Reciprocal changes were observed in the abundance of SERCA2 mRNA. As seen in Figure 2, SERCA2 mRNA levels in TG + vehicle were 56 ± 16% of those values from WT + vehicle (p < 0.05; Fig. 2B). This effect of TG expression per se on ventricular SERCA2 abundance was reported previously (Lewis et al, 2000). HAART treatment further reduced SERCA2 mRNA abundance in the TG animals to 43 ± 7% of the level observed in untreated, WT animals.
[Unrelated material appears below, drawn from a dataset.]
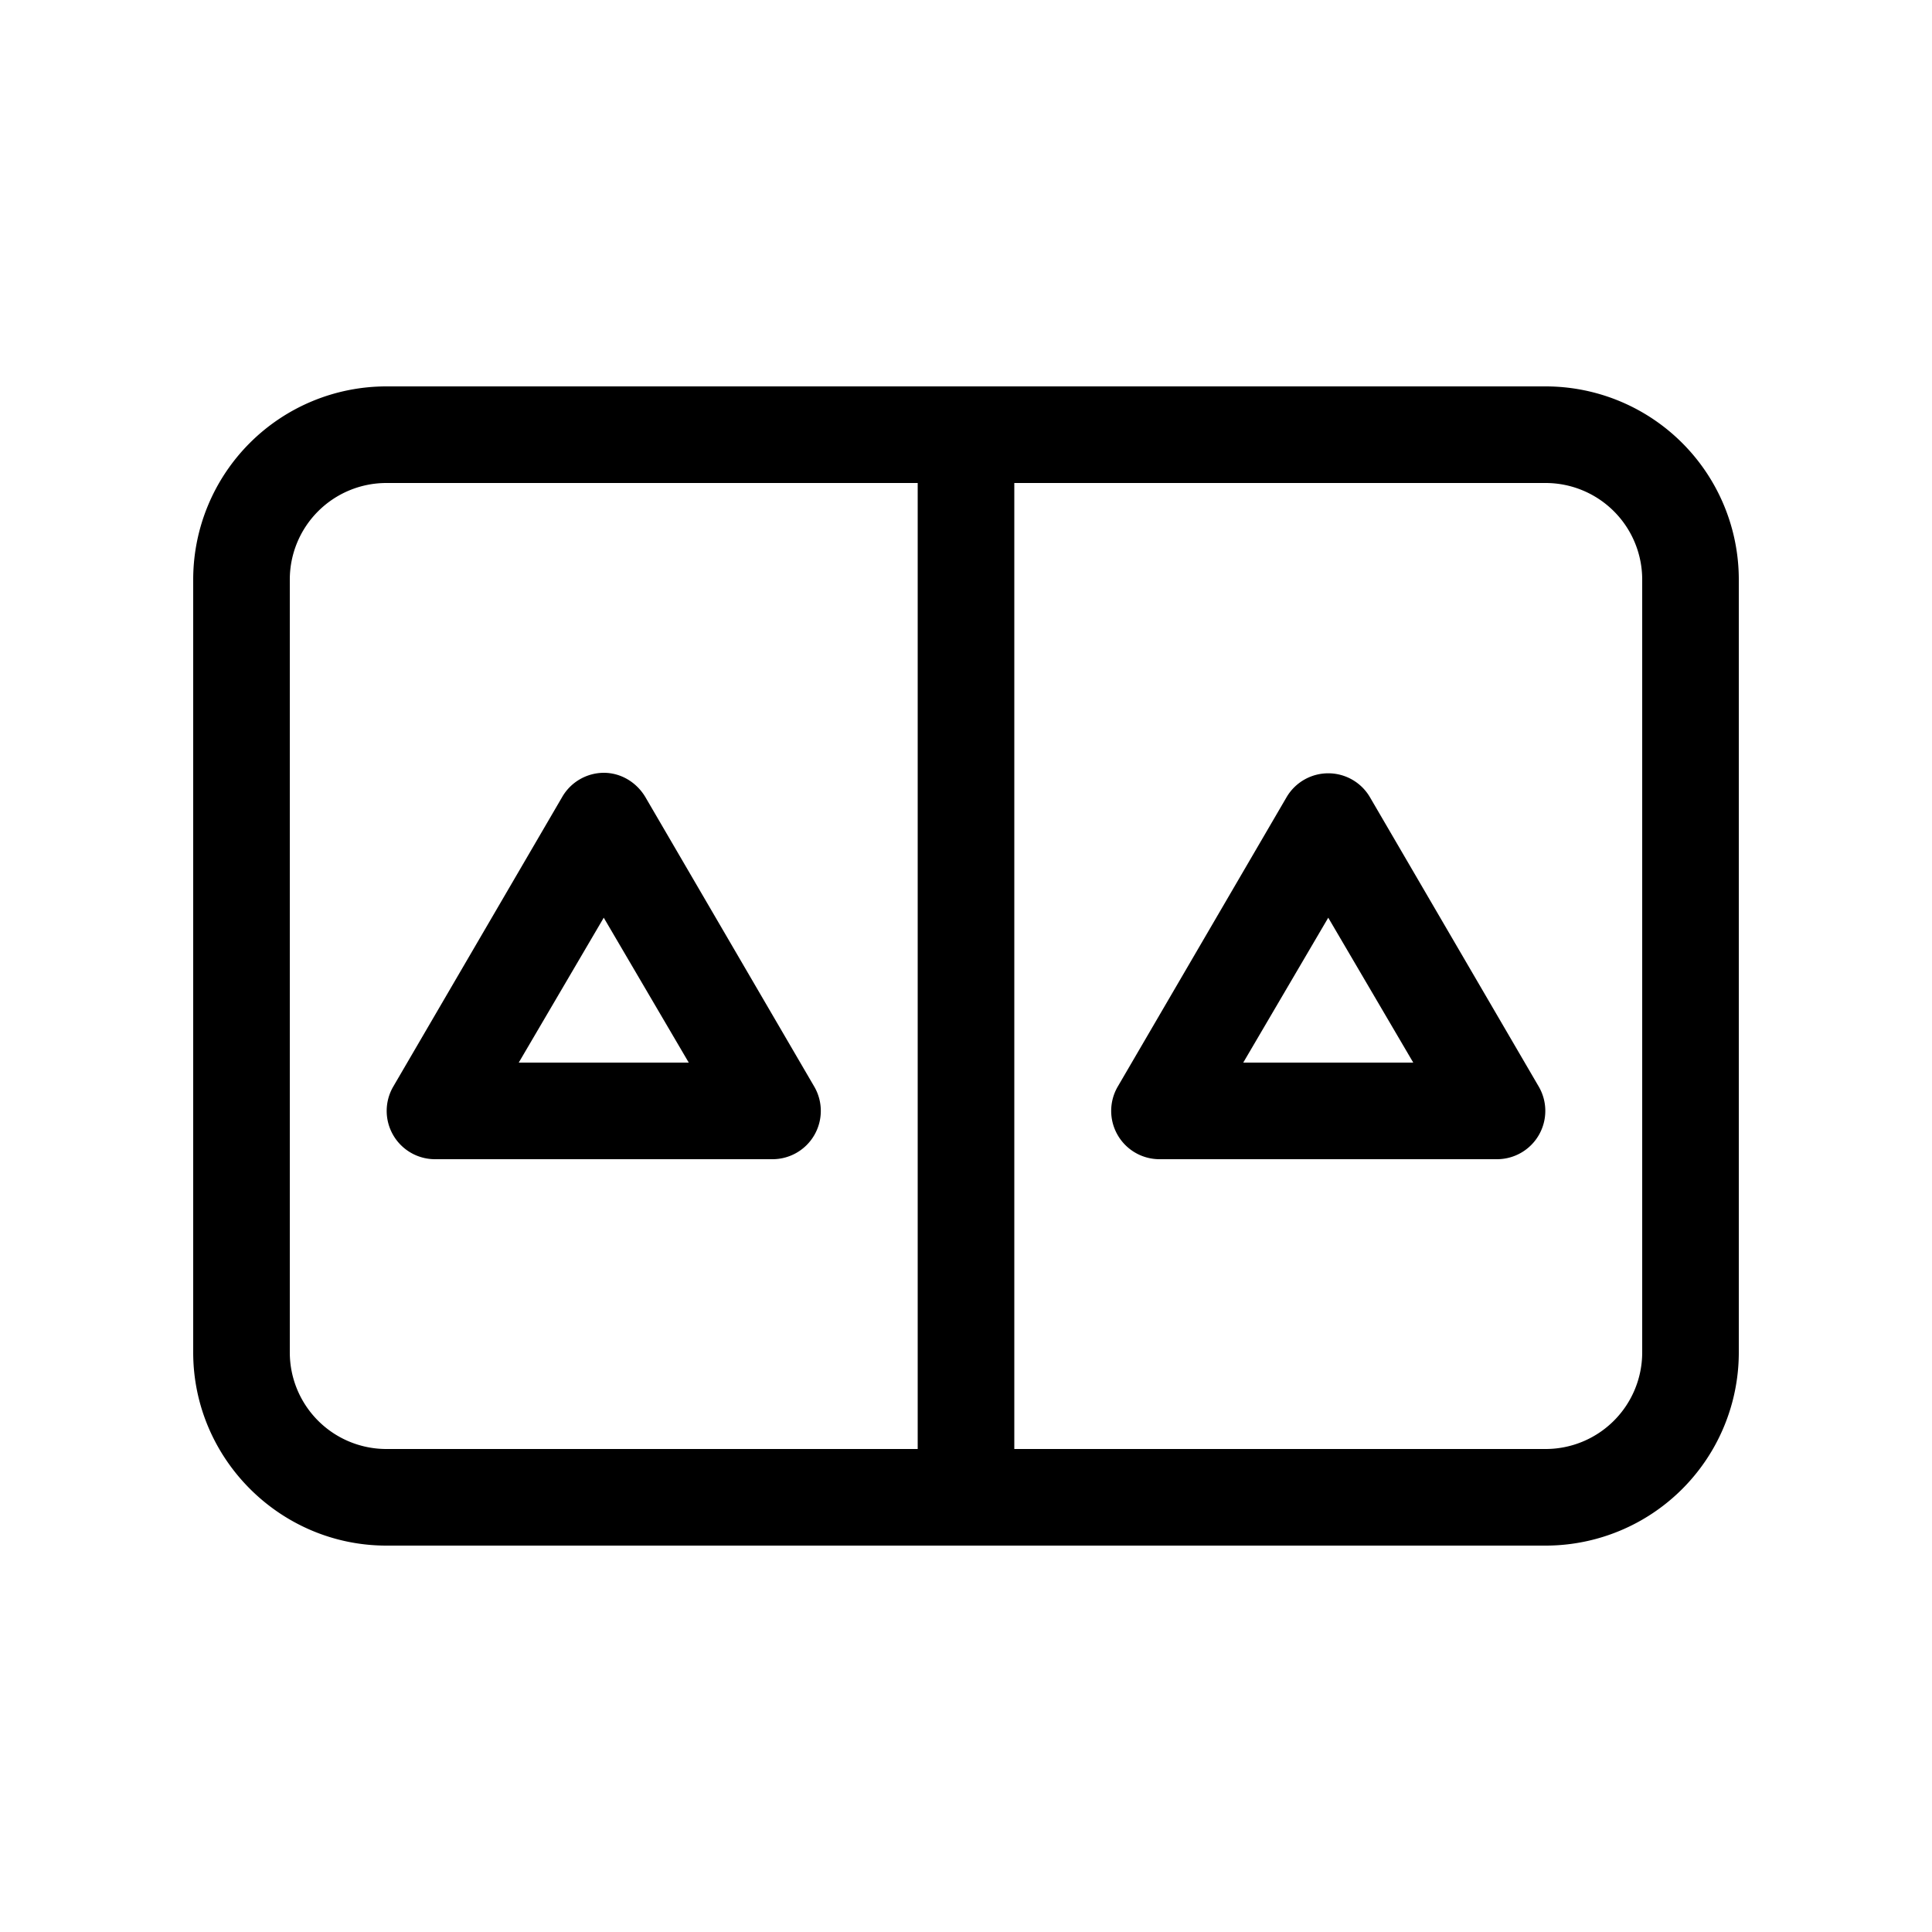 <svg width="20" height="20" viewBox="0 0 20 20" xmlns="http://www.w3.org/2000/svg"><path d="M4 4a2 2 0 0 0-2 2v8c0 1.1.9 2 2 2h12a2 2 0 0 0 2-2V6a2 2 0 0 0-2-2H4ZM3 6a1 1 0 0 1 1-1h5.5v10H4a1 1 0 0 1-1-1V6Zm7.5 9V5H16a1 1 0 0 1 1 1v8a1 1 0 0 1-1 1h-5.5ZM6.25 8c.18 0 .34.1.43.25l1.75 3A.5.5 0 0 1 8 12H4.5a.5.5 0 0 1-.43-.75l1.75-3A.5.5 0 0 1 6.25 8Zm.88 3-.88-1.5-.88 1.5h1.76Zm7.05-2.75 1.75 3a.5.5 0 0 1-.43.75H12a.5.5 0 0 1-.43-.75l1.75-3a.5.5 0 0 1 .86 0Zm.45 2.75-.88-1.5-.88 1.5h1.76Z"/></svg>

In the HAART 10-day treatment experiment, similar alterations in ANF mRNA abundance (a sensitive index of cardiac molecular changes) were observed in the TG + HAART cohort; however, there were no significant differences in SERCA2 mRNA expression among the different cohorts (data not shown).
Plasma LA
Plasma LA was determined in all cohorts in both the 35-day and 10-day protocols. After 35 days (Fig. 3), samples from the TG + HAART cohort revealed strikingly elevated plasma LA (8.5 ± 2.0 mm) compared with values from WT + HAART (3.0 ± 0.4 mm), TG + vehicle (1.6 ± 0.5 mm), and WT + vehicle (2.7 ± 0.5 mm). The difference was significant for the TG + HAART cohort compared with the others (p < 0.001). No differences in mean plasma LA values were found in samples from the 10-day HAART protocol (Table 3). Mean plasma LA values ranged from 1.3 to 4.0 mm after the 10-day treatment.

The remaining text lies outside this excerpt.